→ **TASK INSTRUCTIONS**: What is needed here is each entry reproduced exactly, without its pictures.

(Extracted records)
---
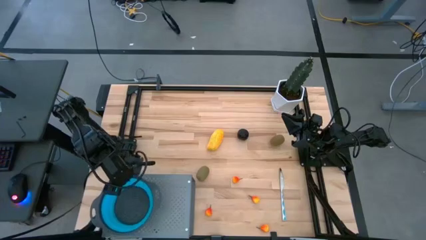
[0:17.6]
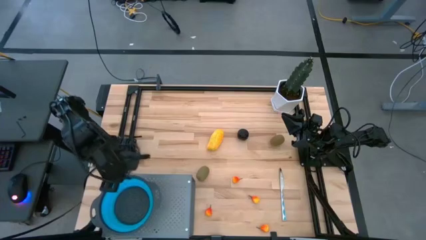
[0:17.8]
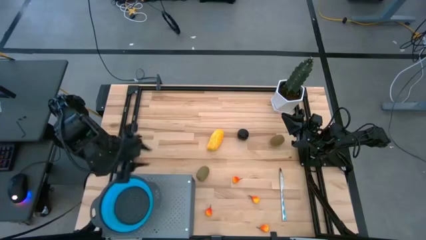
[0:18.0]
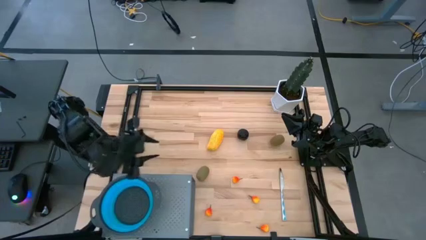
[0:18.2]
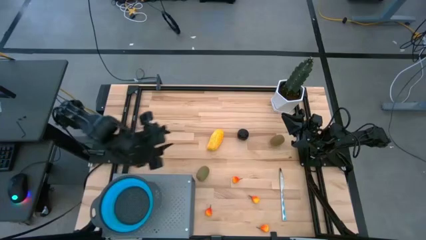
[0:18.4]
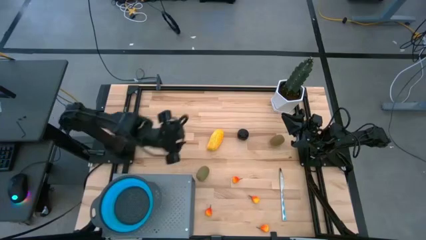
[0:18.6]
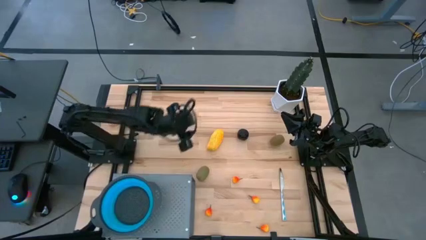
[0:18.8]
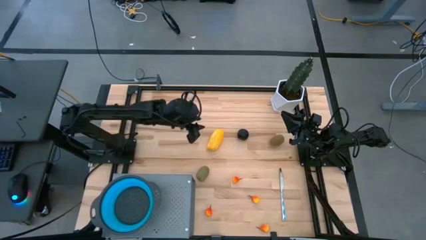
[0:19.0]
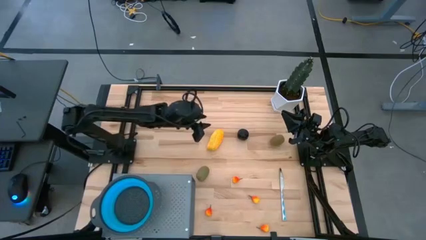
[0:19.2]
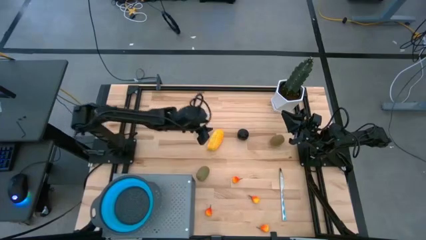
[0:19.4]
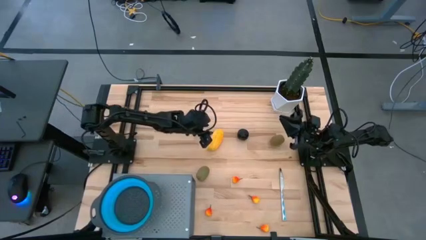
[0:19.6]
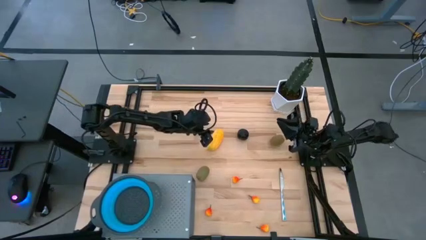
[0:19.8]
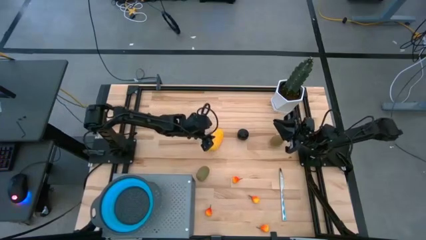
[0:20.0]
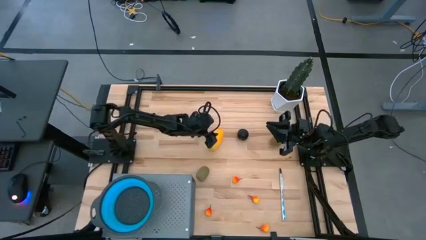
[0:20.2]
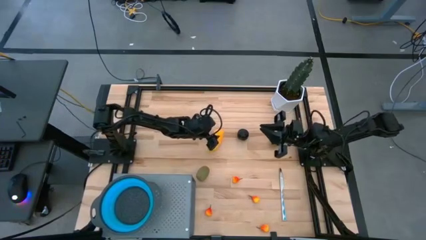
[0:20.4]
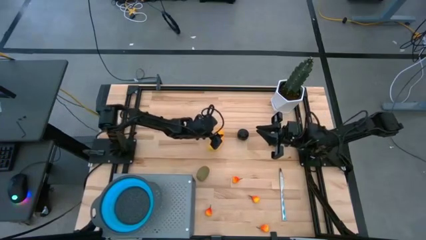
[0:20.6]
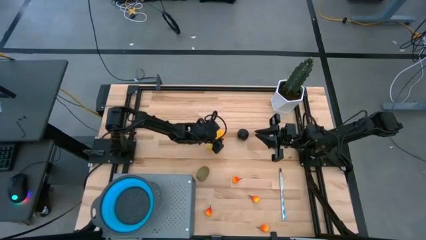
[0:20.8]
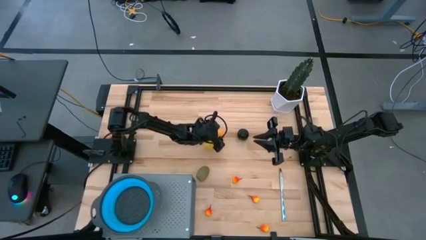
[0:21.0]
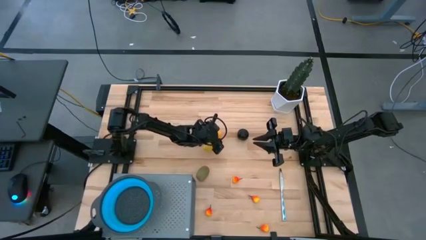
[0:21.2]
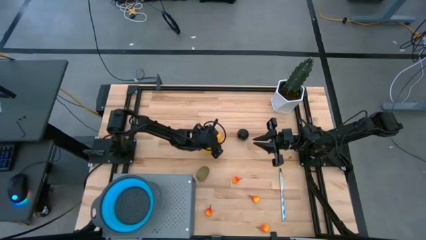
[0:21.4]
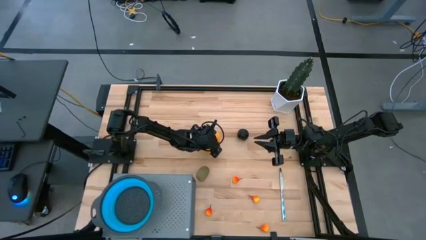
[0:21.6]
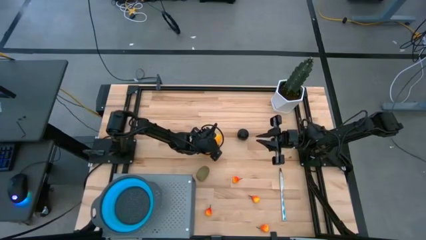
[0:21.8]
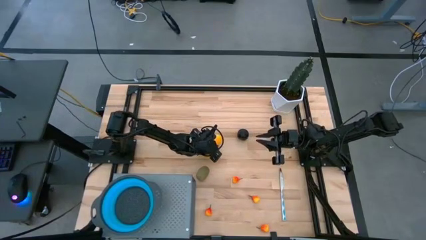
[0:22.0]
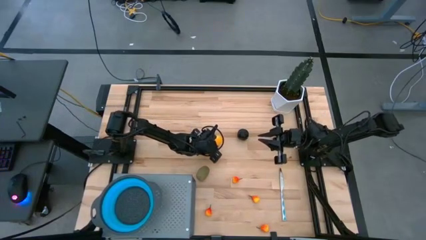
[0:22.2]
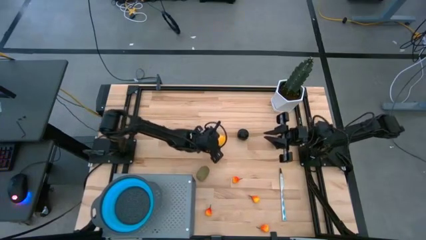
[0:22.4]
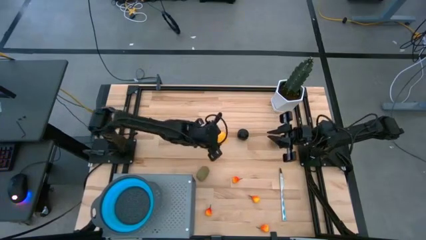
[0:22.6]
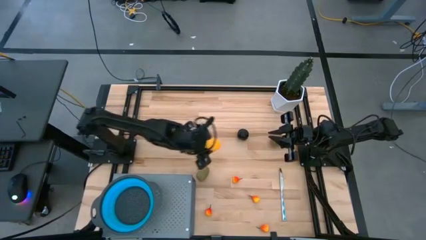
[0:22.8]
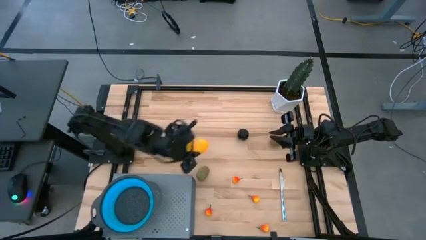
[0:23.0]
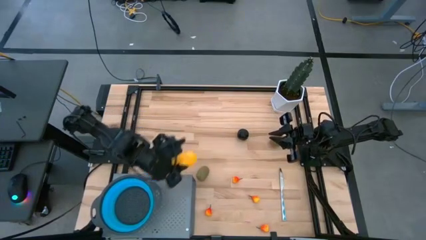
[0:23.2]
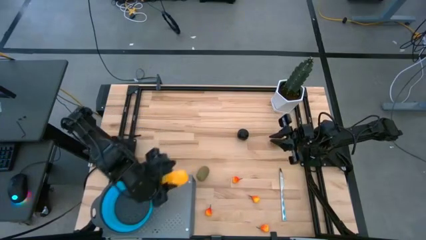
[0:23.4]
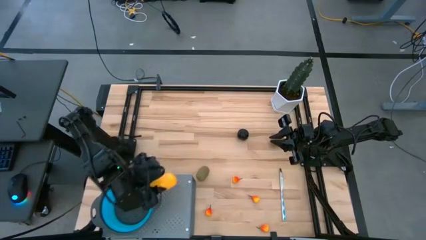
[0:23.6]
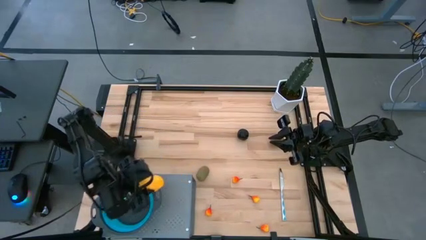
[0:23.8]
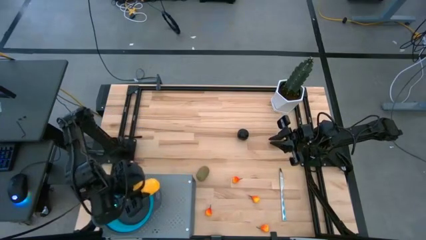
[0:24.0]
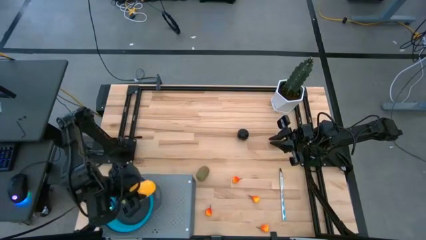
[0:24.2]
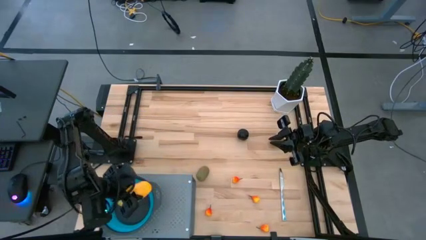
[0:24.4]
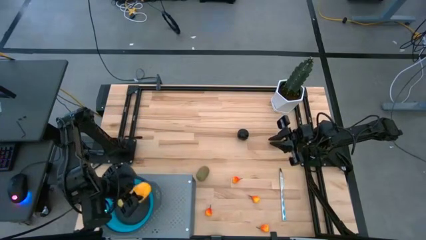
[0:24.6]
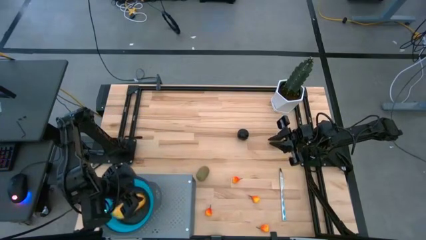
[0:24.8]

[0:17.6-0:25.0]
Task: Pick & Place Fruit
Put the mango into the strainer bowl
---
→ **EXERCISE OUTPUT**:
[0:17.6]
[0:17.8]
[0:18.0]
[0:18.2]
[0:18.4]
[0:18.6]
[0:18.8]
[0:19.0]
[0:19.2]
[0:19.4]
[0:19.6]
[0:19.8]
[0:20.0]
[0:20.2]
[0:20.4]
[0:20.6]
[0:20.8]
[0:21.0]
[0:21.2]
[0:21.4]
[0:21.6]
[0:21.8]
[0:22.0]
[0:22.2]
[0:22.4]
[0:22.6]
[0:22.8]
[0:23.0]
[0:23.2]
[0:23.4]
[0:23.6]
[0:23.8]
[0:24.0]
[0:24.2]
[0:24.4]
[0:24.6]
[0:24.8]

[0:17.6-0:25.0]
Task: Pick & Place Fruit
Put the mango into the strainer bowl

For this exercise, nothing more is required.